Pictures aside, print all of the data below exactly as written.

(Data entries)

════════

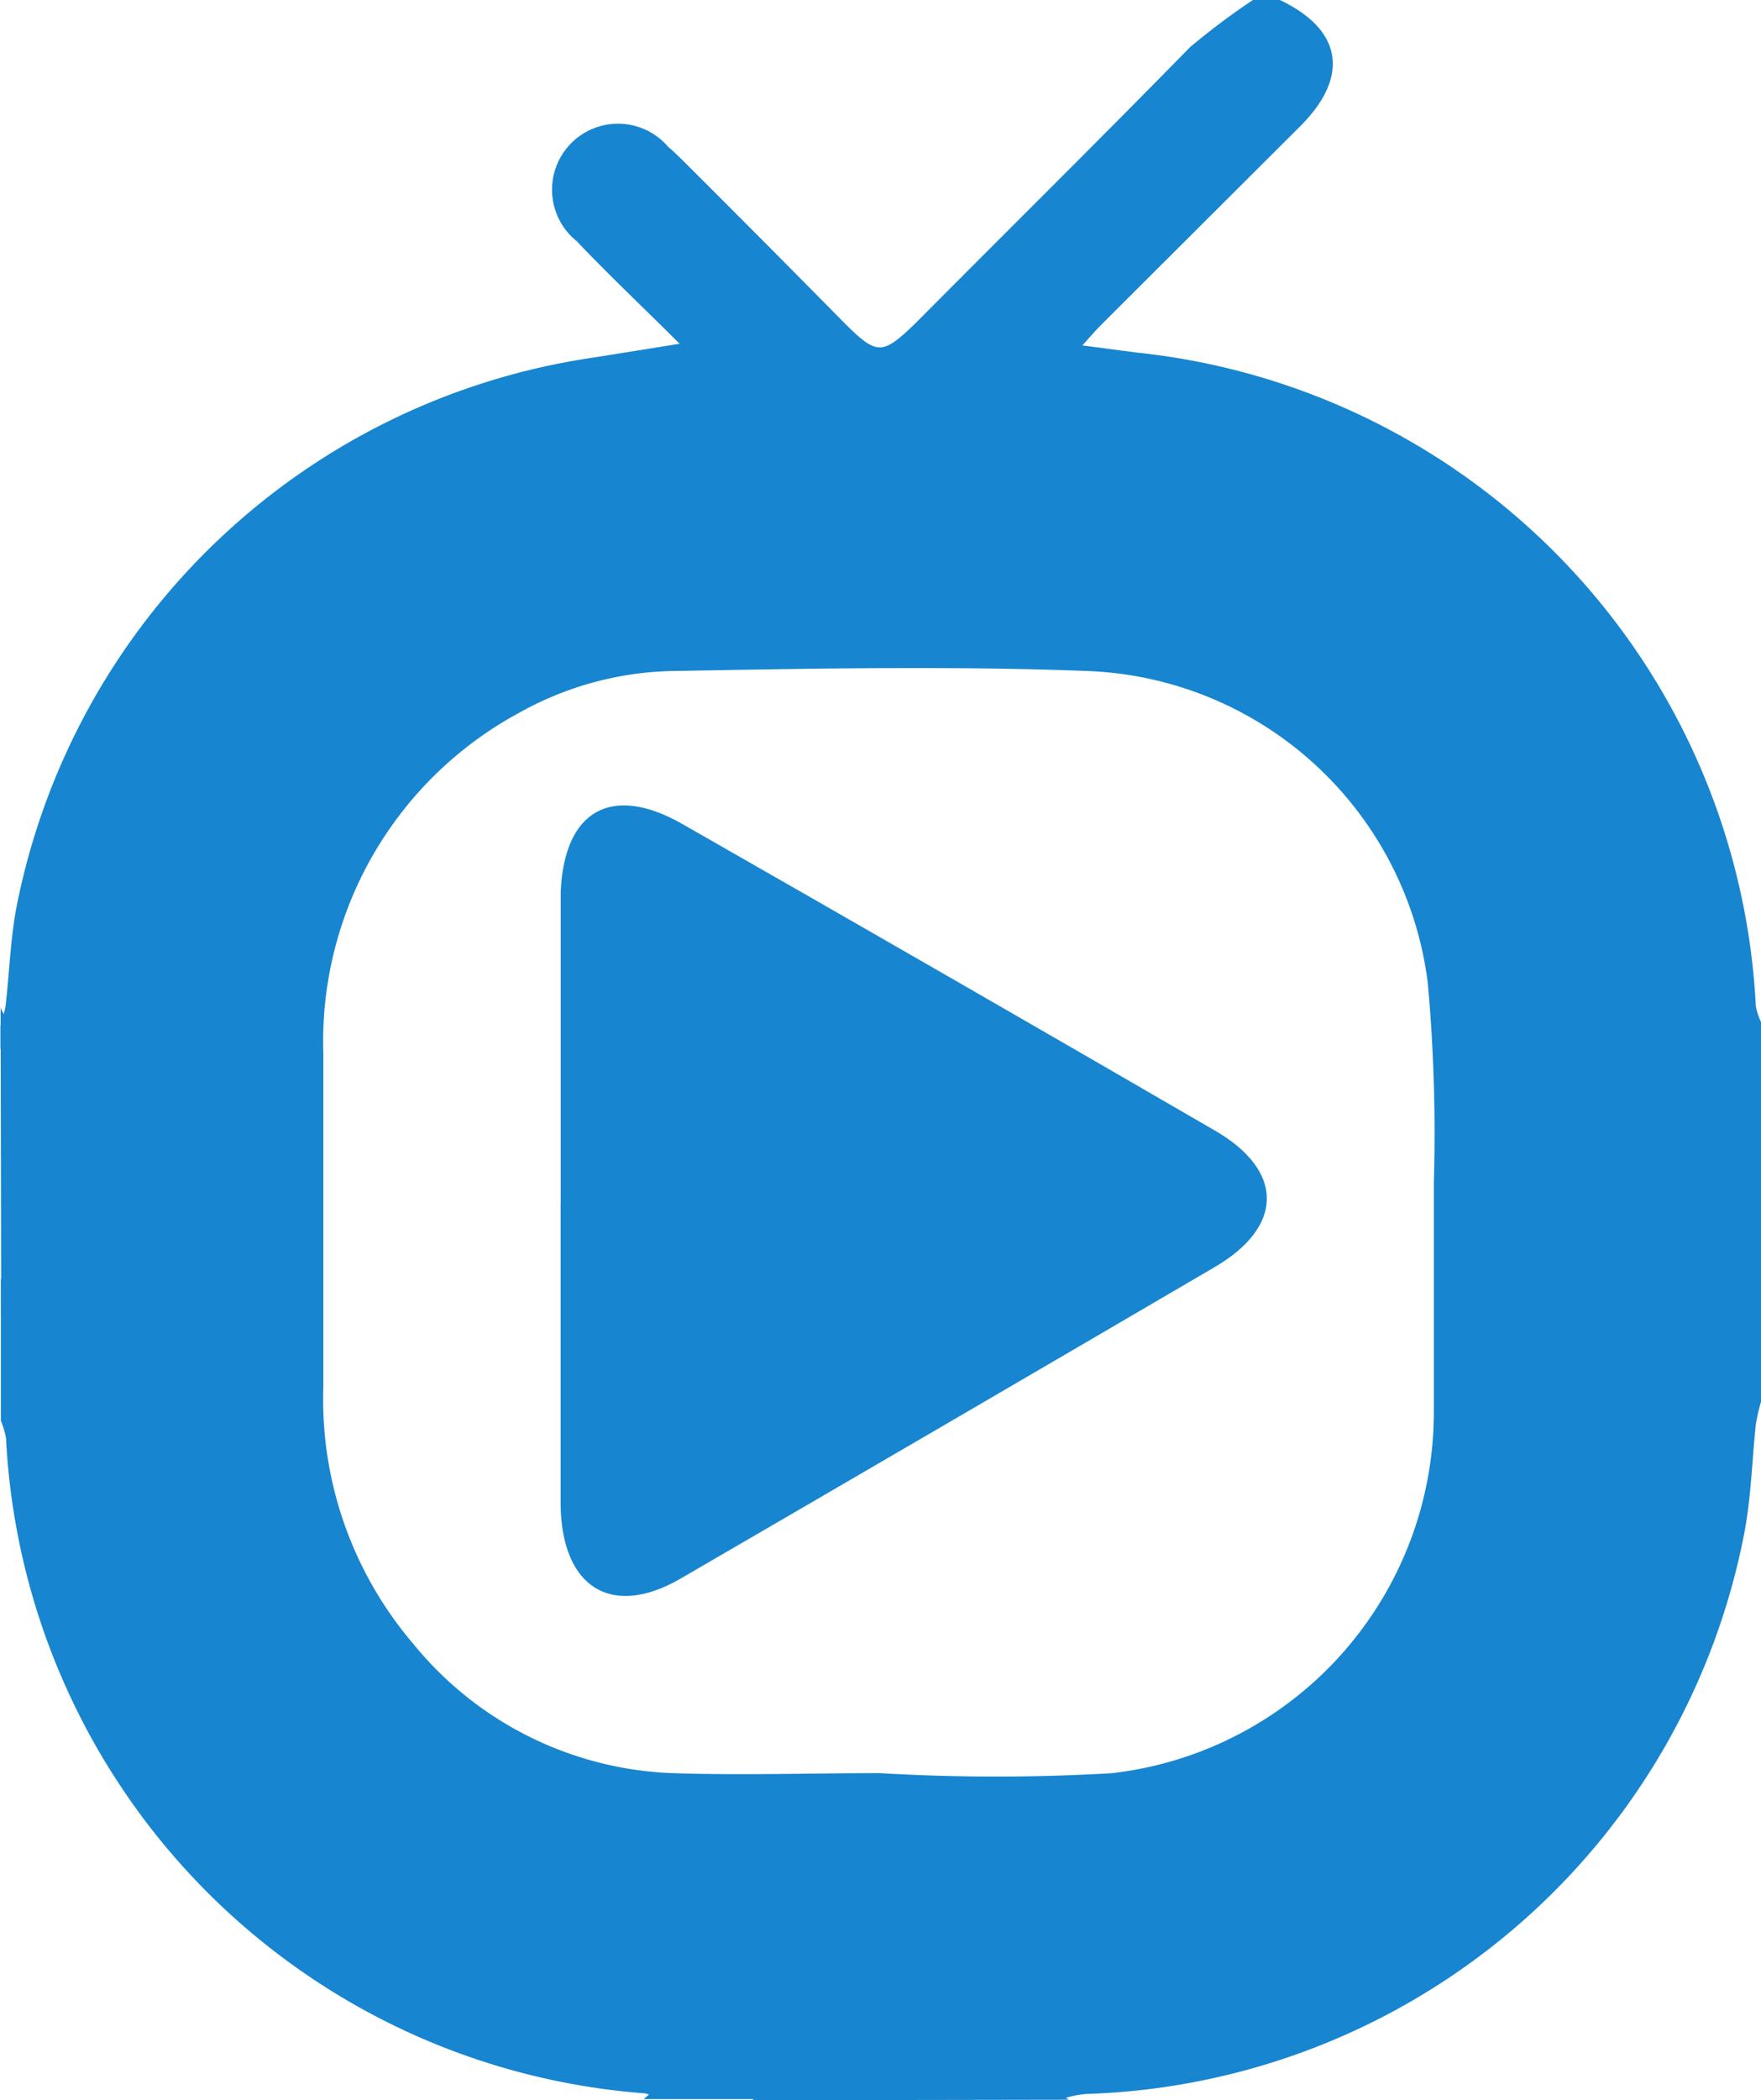 <svg id="Layer_1" data-name="Layer 1" xmlns="http://www.w3.org/2000/svg" width="20.131" height="24" viewBox="0 0 20.131 24">
  <path id="Path_55900" data-name="Path 55900" d="M12.132,23.985h-.464a.335.335,0,0,0-.13-.054H7.958a1.766,1.766,0,0,0-.286.048H7.516a.541.541,0,0,0-.157-.059,7.905,7.905,0,0,1-7.3-7.484.891.891,0,0,0-.059-.2V14.618a.451.451,0,0,0,.049-.135q0-1.186,0-2.373c0-.043-.038-.086-.054-.129v-.258a1.61,1.61,0,0,0,.059-.231c.043-.371.054-.753.124-1.124A7.881,7.881,0,0,1,6.787,4.084l.972-.156c-.421-.42-.81-.786-1.177-1.173A.754.754,0,1,1,7.629,1.679c.059.048.119.108.173.161q.923.92,1.841,1.851c.373.371.432.371.815,0C11.5,2.642,12.542,1.614,13.595.538A8.236,8.236,0,0,1,14.313,0h.308c.713.339.8.872.238,1.437L12.59,3.7c-.07.07-.135.145-.227.247l.615.081A7.91,7.91,0,0,1,20.062,11.5a.762.762,0,0,0,.059.178v1.141a.333.333,0,0,0-.054.129V14.7a.333.333,0,0,0,.054.129v1.189a2.226,2.226,0,0,0-.059.258c-.043.409-.054.829-.13,1.232a7.912,7.912,0,0,1-7.52,6.419A1.11,1.11,0,0,0,12.132,23.985Zm-2.073-3.723h0a22.751,22.751,0,0,0,2.64,0,4.153,4.153,0,0,0,3.682-4.121c0-.877,0-1.749,0-2.626a19.057,19.057,0,0,0-.07-2.292,4.076,4.076,0,0,0-3.9-3.556c-1.571-.059-3.142-.027-4.713,0a3.735,3.735,0,0,0-1.755.468,4.269,4.269,0,0,0-2.257,3.9v3.825a4.3,4.3,0,0,0,1.026,2.921,4.01,4.01,0,0,0,2.958,1.48c.8.027,1.593,0,2.386,0Z" transform="translate(0.01 0)" fill="#1785d0"/>
  <path id="Path_55901" data-name="Path 55901" d="M0,22.29c0,.057.072.115.072.172V25.63a.6.6,0,0,1-.065.18Z" transform="translate(0.007 -10.791)" fill="#1785d0"/>
  <path id="Path_55902" data-name="Path 55902" d="M16.81,42.5l3.327.075a1.276,1.276,0,0,1,.281.146l-3.608.006Z" transform="translate(-8.2 -18.728)" fill="#1785d0"/>
  <path id="Path_55903" data-name="Path 55903" d="M37.252,26.517a.445.445,0,0,1-.072-.172V24a.445.445,0,0,1,.072-.172Z" transform="translate(-17.121 -11.4)" fill="#1785d0"/>
  <path id="Path_55904" data-name="Path 55904" d="M14.4,41.775l-.07.222H12.32s.293-.271.421-.282C13.238,41.707,13.906,41.768,14.4,41.775Z" transform="translate(-4.961 -18.011)" fill="#1785d0"/>
  <path id="Path_55905" data-name="Path 55905" d="M13.85,24.224V20.675c.043-.927.583-1.228,1.389-.769q3.045,1.738,6.083,3.5c.8.46.8,1.1,0,1.566q-3.045,1.782-6.112,3.563c-.777.445-1.339.1-1.361-.826V24.224Z" transform="translate(-7.44 -10.491)" fill="#1785d0"/>
</svg>

════════

## RESULT
 <svg id="Layer_1" data-name="Layer 1" xmlns="http://www.w3.org/2000/svg" width="20.131" height="24" viewBox="0 0 20.131 24">
  <path id="Path_55900" data-name="Path 55900" d="M12.132,23.985h-.464a.335.335,0,0,0-.13-.054H7.958a1.766,1.766,0,0,0-.286.048H7.516a.541.541,0,0,0-.157-.059,7.905,7.905,0,0,1-7.3-7.484.891.891,0,0,0-.059-.2V14.618a.451.451,0,0,0,.049-.135q0-1.186,0-2.373c0-.043-.038-.086-.054-.129v-.258a1.61,1.61,0,0,0,.059-.231c.043-.371.054-.753.124-1.124A7.881,7.881,0,0,1,6.787,4.084l.972-.156c-.421-.42-.81-.786-1.177-1.173A.754.754,0,1,1,7.629,1.679c.059.048.119.108.173.161q.923.92,1.841,1.851c.373.371.432.371.815,0C11.5,2.642,12.542,1.614,13.595.538A8.236,8.236,0,0,1,14.313,0h.308c.713.339.8.872.238,1.437L12.59,3.7c-.07.07-.135.145-.227.247l.615.081A7.91,7.91,0,0,1,20.062,11.5a.762.762,0,0,0,.059.178v1.141a.333.333,0,0,0-.054.129V14.7a.333.333,0,0,0,.054.129v1.189a2.226,2.226,0,0,0-.059.258c-.043.409-.054.829-.13,1.232a7.912,7.912,0,0,1-7.52,6.419A1.11,1.11,0,0,0,12.132,23.985Zm-2.073-3.723h0a22.751,22.751,0,0,0,2.64,0,4.153,4.153,0,0,0,3.682-4.121c0-.877,0-1.749,0-2.626a19.057,19.057,0,0,0-.07-2.292,4.076,4.076,0,0,0-3.9-3.556c-1.571-.059-3.142-.027-4.713,0a3.735,3.735,0,0,0-1.755.468,4.269,4.269,0,0,0-2.257,3.9v3.825a4.3,4.3,0,0,0,1.026,2.921,4.01,4.01,0,0,0,2.958,1.48c.8.027,1.593,0,2.386,0Z" transform="translate(0.01 0)" fill="#1785d0"/>
  <path id="Path_55901" data-name="Path 55901" d="M0,22.29c0,.057.072.115.072.172V25.63a.6.6,0,0,1-.065.18Z" transform="translate(0.007 -10.791)" fill="#1785d0"/>
  <path id="Path_55902" data-name="Path 55902" d="M16.81,42.5l3.327.075a1.276,1.276,0,0,1,.281.146l-3.608.006Z" transform="translate(-8.2 -18.728)" fill="#1785d0"/>
  <path id="Path_55903" data-name="Path 55903" d="M37.252,26.517a.445.445,0,0,1-.072-.172V24a.445.445,0,0,1,.072-.172Z" transform="translate(-17.121 -11.4)" fill="#1785d0"/>
  <path id="Path_55904" data-name="Path 55904" d="M14.4,41.775l-.07.222H12.32s.293-.271.421-.282C13.238,41.707,13.906,41.768,14.4,41.775Z" transform="translate(-4.961 -18.011)" fill="#1785d0"/>
  <path id="Path_55905" data-name="Path 55905" d="M13.85,24.224V20.675c.043-.927.583-1.228,1.389-.769q3.045,1.738,6.083,3.5c.8.46.8,1.1,0,1.566q-3.045,1.782-6.112,3.563c-.777.445-1.339.1-1.361-.826V24.224Z" transform="translate(-7.44 -10.491)" fill="#1785d0"/>
</svg>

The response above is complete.